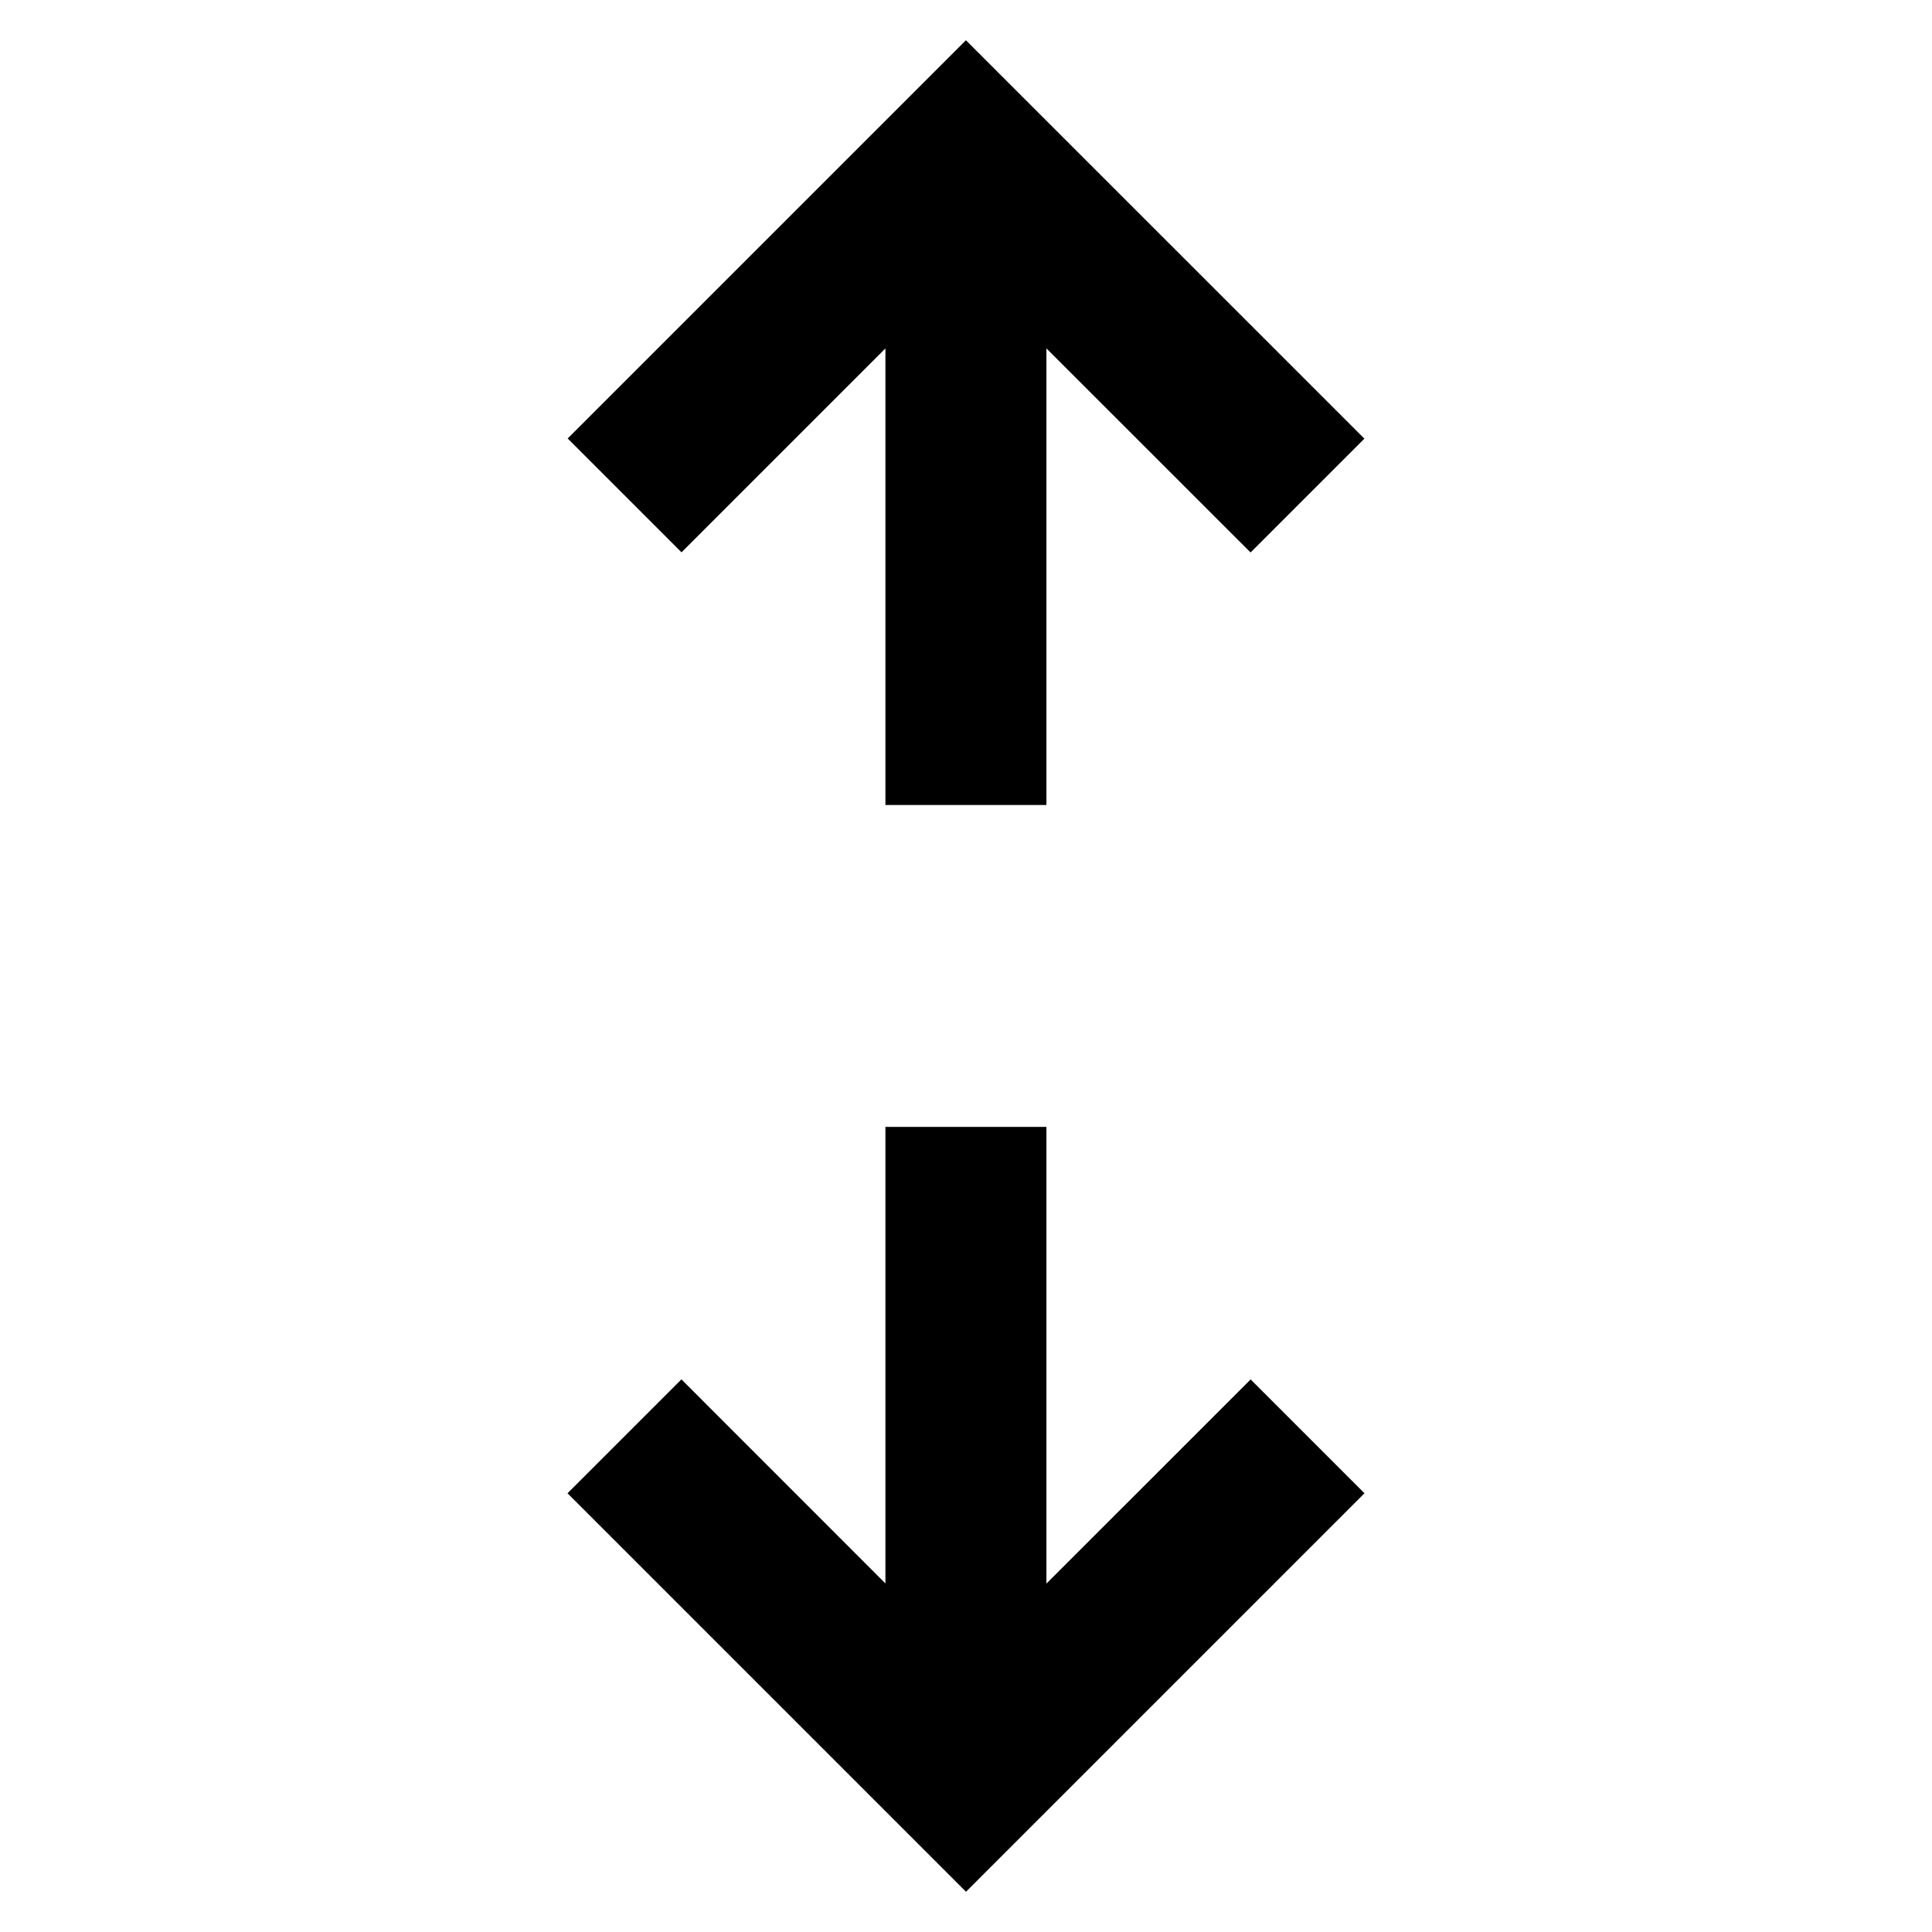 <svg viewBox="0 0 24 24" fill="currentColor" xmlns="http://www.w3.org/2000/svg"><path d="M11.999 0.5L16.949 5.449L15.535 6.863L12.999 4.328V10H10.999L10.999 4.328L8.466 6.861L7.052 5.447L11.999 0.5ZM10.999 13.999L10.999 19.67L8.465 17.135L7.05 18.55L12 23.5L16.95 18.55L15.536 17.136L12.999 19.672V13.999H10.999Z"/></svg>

────────────────────────────────────────

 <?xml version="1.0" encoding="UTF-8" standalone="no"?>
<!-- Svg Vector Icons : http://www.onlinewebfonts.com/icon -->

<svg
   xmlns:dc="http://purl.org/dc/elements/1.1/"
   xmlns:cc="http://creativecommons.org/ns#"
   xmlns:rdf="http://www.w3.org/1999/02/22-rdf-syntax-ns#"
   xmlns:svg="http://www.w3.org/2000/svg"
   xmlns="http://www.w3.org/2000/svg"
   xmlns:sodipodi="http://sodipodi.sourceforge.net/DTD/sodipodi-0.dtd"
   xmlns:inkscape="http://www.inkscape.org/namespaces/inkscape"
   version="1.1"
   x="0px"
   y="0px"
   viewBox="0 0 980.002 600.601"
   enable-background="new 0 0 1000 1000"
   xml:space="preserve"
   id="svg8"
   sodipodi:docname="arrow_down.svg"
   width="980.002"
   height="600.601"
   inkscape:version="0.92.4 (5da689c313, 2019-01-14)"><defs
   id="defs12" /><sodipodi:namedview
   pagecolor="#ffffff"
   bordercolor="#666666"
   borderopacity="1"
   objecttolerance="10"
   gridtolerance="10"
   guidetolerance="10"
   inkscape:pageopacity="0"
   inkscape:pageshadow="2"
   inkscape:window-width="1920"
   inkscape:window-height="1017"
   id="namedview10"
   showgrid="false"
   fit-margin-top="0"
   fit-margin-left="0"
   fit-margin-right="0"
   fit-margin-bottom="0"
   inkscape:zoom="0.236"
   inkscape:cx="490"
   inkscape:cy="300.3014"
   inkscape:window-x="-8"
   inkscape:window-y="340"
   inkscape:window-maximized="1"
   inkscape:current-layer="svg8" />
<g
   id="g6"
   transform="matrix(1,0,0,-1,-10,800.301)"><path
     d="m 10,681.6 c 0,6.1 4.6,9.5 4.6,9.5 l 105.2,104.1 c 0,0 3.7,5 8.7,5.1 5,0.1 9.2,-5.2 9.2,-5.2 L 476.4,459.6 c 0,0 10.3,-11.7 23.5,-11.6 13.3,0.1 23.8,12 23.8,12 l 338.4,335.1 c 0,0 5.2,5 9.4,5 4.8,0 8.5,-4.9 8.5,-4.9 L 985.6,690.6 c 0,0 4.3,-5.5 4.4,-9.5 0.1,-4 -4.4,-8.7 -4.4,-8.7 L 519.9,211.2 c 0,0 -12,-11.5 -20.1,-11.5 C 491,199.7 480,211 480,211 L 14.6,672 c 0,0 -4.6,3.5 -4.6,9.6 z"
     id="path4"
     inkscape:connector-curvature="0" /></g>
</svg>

────────────────────────────────────────

## Work instruction
Which lines in the records above contain the word "version"? Return each of them.

## Written solution
 <?xml version="1.0" encoding="UTF-8" standalone="no"?>
   version="1.1"
   inkscape:version="0.92.4 (5da689c313, 2019-01-14)"><defs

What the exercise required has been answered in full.